-- Source data follows --
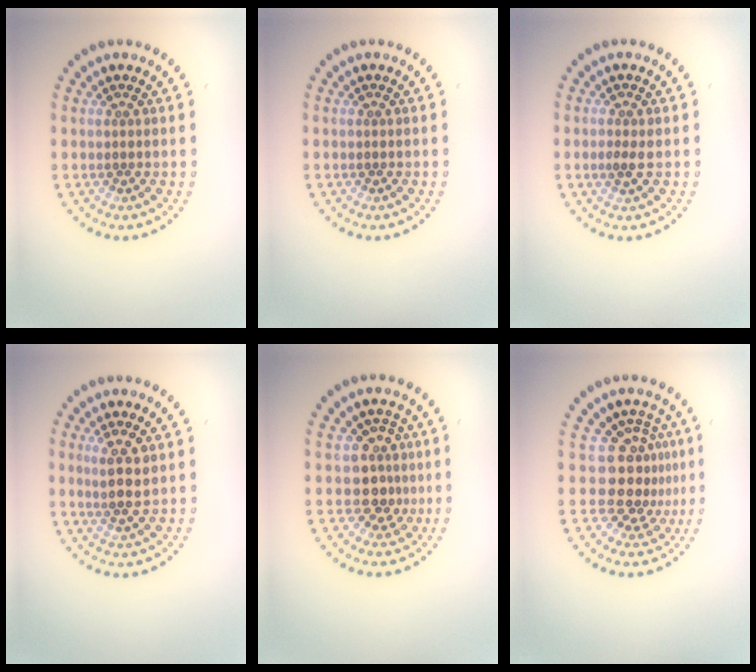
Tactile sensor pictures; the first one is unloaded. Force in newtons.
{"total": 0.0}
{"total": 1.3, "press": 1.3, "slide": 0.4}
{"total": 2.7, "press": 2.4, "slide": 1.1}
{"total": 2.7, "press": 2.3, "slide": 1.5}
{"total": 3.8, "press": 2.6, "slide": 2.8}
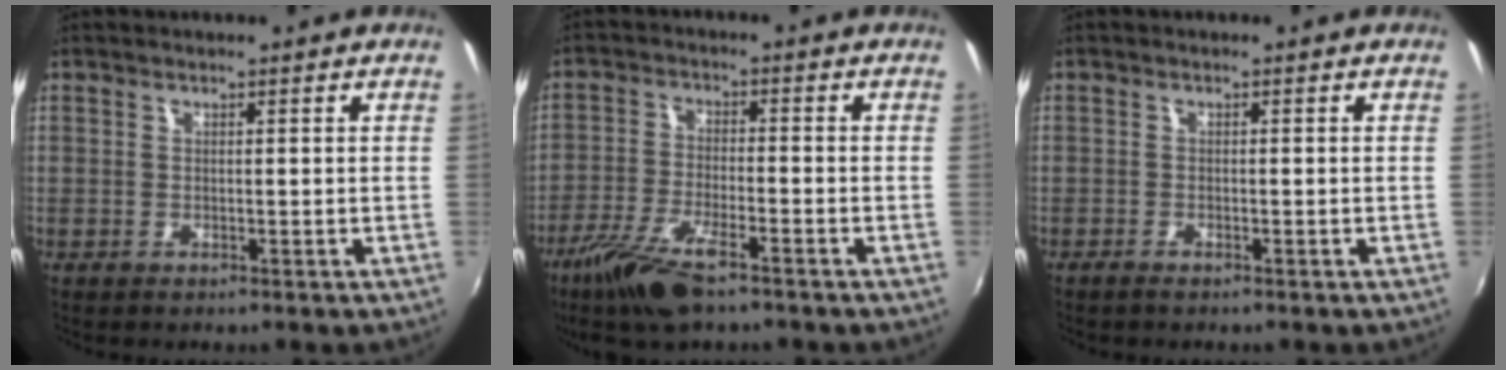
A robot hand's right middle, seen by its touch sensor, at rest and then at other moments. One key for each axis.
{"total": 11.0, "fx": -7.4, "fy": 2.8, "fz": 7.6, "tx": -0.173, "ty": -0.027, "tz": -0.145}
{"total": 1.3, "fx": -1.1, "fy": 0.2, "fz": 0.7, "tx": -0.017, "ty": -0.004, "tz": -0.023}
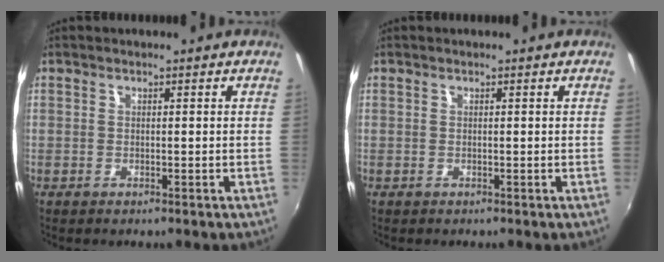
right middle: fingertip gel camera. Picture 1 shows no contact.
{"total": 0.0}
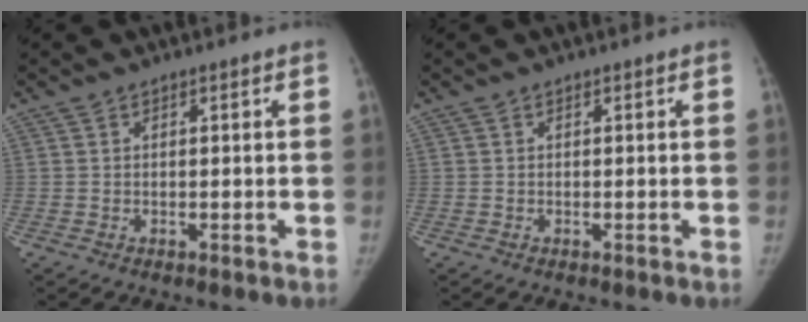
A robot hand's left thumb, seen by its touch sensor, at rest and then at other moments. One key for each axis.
-- Source data concluded --
- _Work required_:
Since the copy must contain no pictures, return only the text of the records, exactly as it stands.

- _Written response_:
Tactile sensor pictures; the first one is unloaded. Force in newtons.
{"total": 0.0}
{"total": 1.3, "press": 1.3, "slide": 0.4}
{"total": 2.7, "press": 2.4, "slide": 1.1}
{"total": 2.7, "press": 2.3, "slide": 1.5}
{"total": 3.8, "press": 2.6, "slide": 2.8}
A robot hand's right middle, seen by its touch sensor, at rest and then at other moments. One key for each axis.
{"total": 11.0, "fx": -7.4, "fy": 2.8, "fz": 7.6, "tx": -0.173, "ty": -0.027, "tz": -0.145}
{"total": 1.3, "fx": -1.1, "fy": 0.2, "fz": 0.7, "tx": -0.017, "ty": -0.004, "tz": -0.023}
right middle: fingertip gel camera. Picture 1 shows no contact.
{"total": 0.0}
A robot hand's left thumb, seen by its touch sensor, at rest and then at other moments. One key for each axis.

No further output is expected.